Когда он попал домой, ему пришлось снести торжество, устроенное отцом, чудовищное, изобильное торжество, где ничего не было упущено, с безумно дорогим примитивным оркестром, который играл на настоящих древних инструментах. Домашний робот-оркестр спрятали куда-то в шкаф. Собрались добрые две сотни поздравляющих и лизоблюдов, все в половинных или полных масках. Украшенная блестками мерцающая ткань мягко обтягивала их лица, но почему-то не могла скрыть — от Гила по крайней мере — звериной сущности, которая таилась в подлинном выражении их лиц и вырывалась из рядов Большого зала всего несколько часов назад.
Отец схватил его за руку выше локтя, пальцы впились как клещи. Словно скованного, тащил он юношу по комнате от одного гостя к другому — здесь его поздравляли, там похлопывали по спине.
— А вот, — сказал отец, — человек, которого ты должен узнать, хоть он и в маске.
Это был Фредерик, Гил сразу понял, хоть и не мог ясно разглядеть птичье лицо. Однако глаза не были прикрыты вуалью, и этого вполне хватило бы. Ибо они горели под воспаленными красными веками и сверлили его, выискивая уязвимые места. И все-таки не глаза первыми сказали Гилу, что это его учитель. Прежде всего он заметил ремешок. Даже сейчас, не на уроках, на светском приеме, злобный педант носил эту хищную кожаную полоску при себе, она петлей свисала с пояса его мантии, болталась у левого бедра, очень напоминая револьвер древнего ковбоя.
— Мои поздравления, — проговорил Фредерик, хотя было ясно, что слова эти идут не от сердца. Неискренность буквально капала с них, как змеиный яд.
— Благодарю вас, — сдержанно отреагировал Гил.
— Столп ничуть не напугал его! — сказал отец. Он ухмыльнулся, стиснув руку Гила еще сильнее. — Он уже входил в такой Столп, когда был совсем ребенком. Ты это знал?
— Нет, — сказал Фредерик.
— Зашел прямо внутрь!

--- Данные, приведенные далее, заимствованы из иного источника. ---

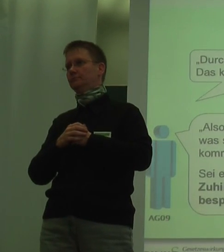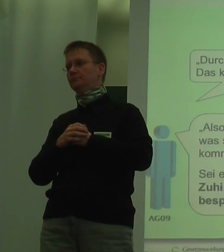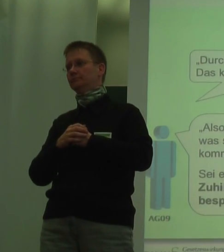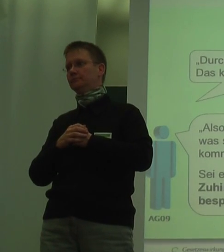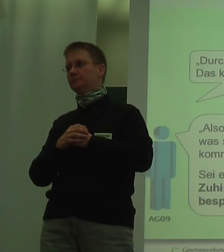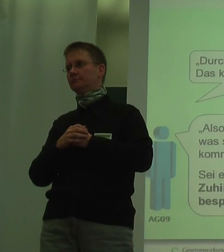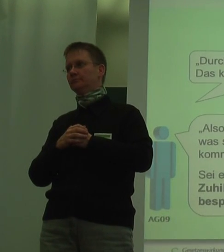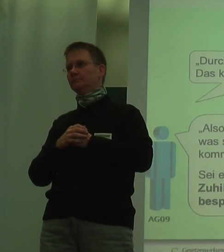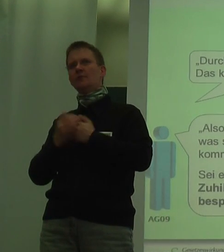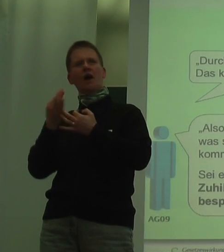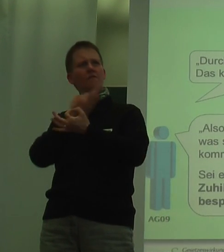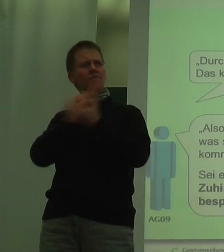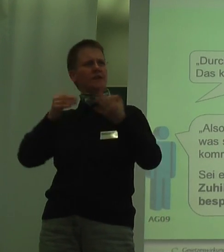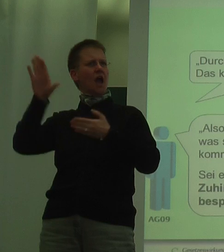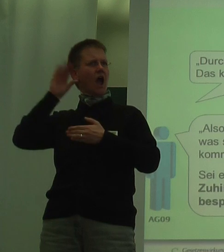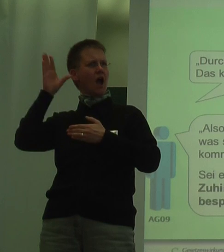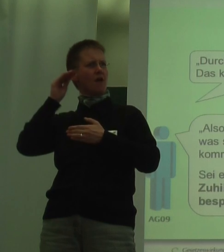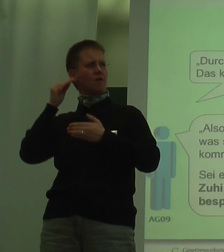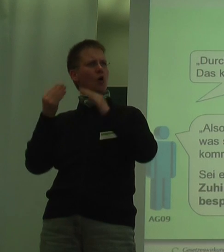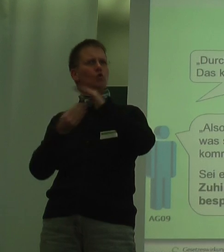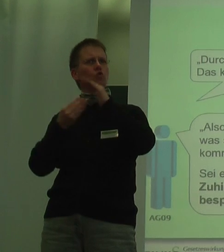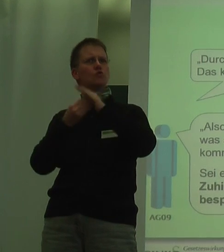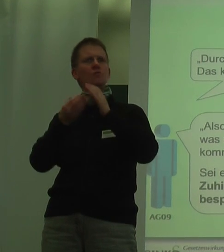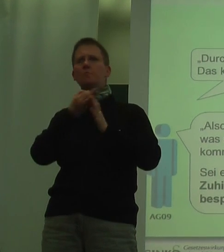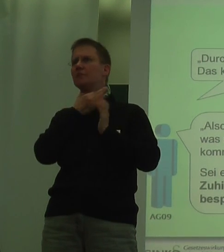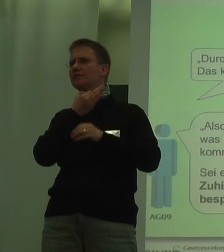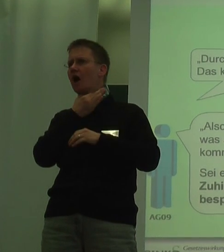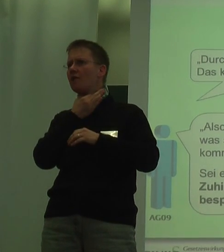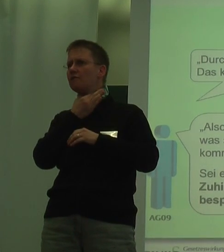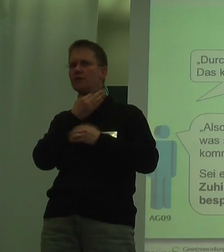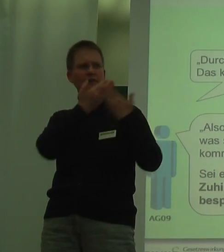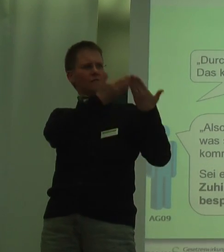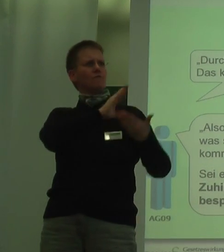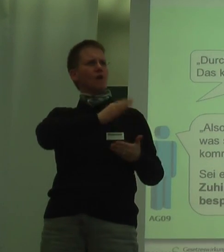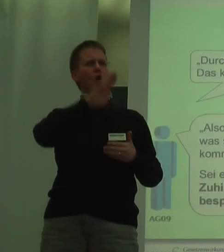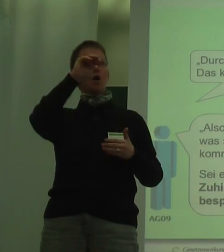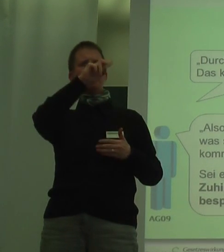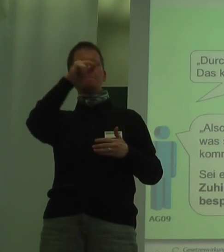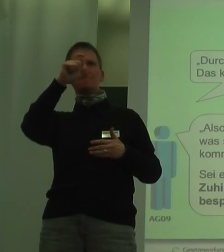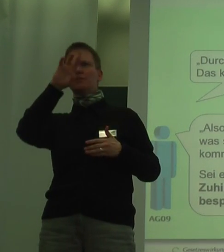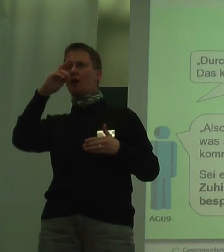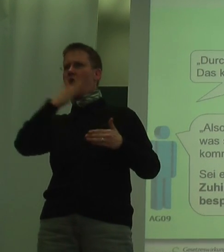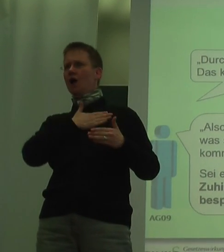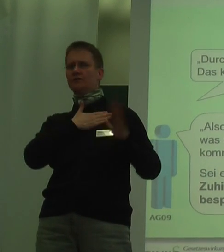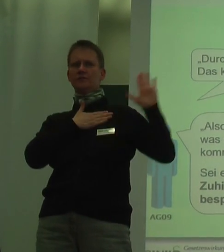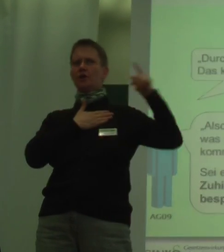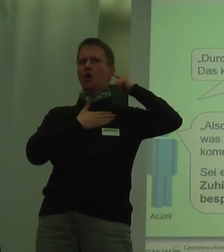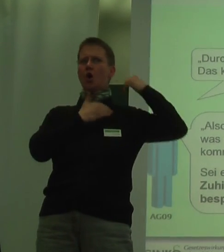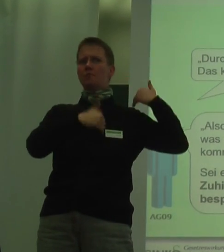Wie erfahren Sie von dem Unterstützungsbedarf, den Frau Mäntler hat, bezogen auf Ihre Hörbehinderte? Durch Frau Mäntler selber.

И это ему ничуть не повредило!
— Только сунул голову, — поправил Гил.
— Что?
— Я только сунул голову внутрь, отец.
— Все равно, — отмахнулся Великий Мейстро. — Все равно, для совсем еще ребенка…
— Как ты намерен устроить свою жизнь теперь, когда заслужил право на нее? — спросил Фредерик.
— Я еще не успел как следует подумать об этом.
Глаза вспыхнули ярче, впились глубже.
— Обучение других музыке, конечно, исключено. Разве что ты будешь учить игре на гитаре. Но это — ограниченное поле деятельности. Ты мог бы, пожалуй, заняться техническим обслуживанием.
Отец Гила поперхнулся.
— Поддерживать Башни и все прочие конфигурации в нужной форме и рабочем состоянии — достаточно благородная задача, — напомнил Фредерик, переводя пронзительный взгляд на Мейстро.
— Я думал, что мальчик может пойти в биологическую отрасль, — сказал Мейстро. — Он всегда проявлял способности к наукам, не относящимся к теории звука. Нам необходимы хорошие биологи, чтобы отслеживать новые направления мутаций у популяров и анализировать их.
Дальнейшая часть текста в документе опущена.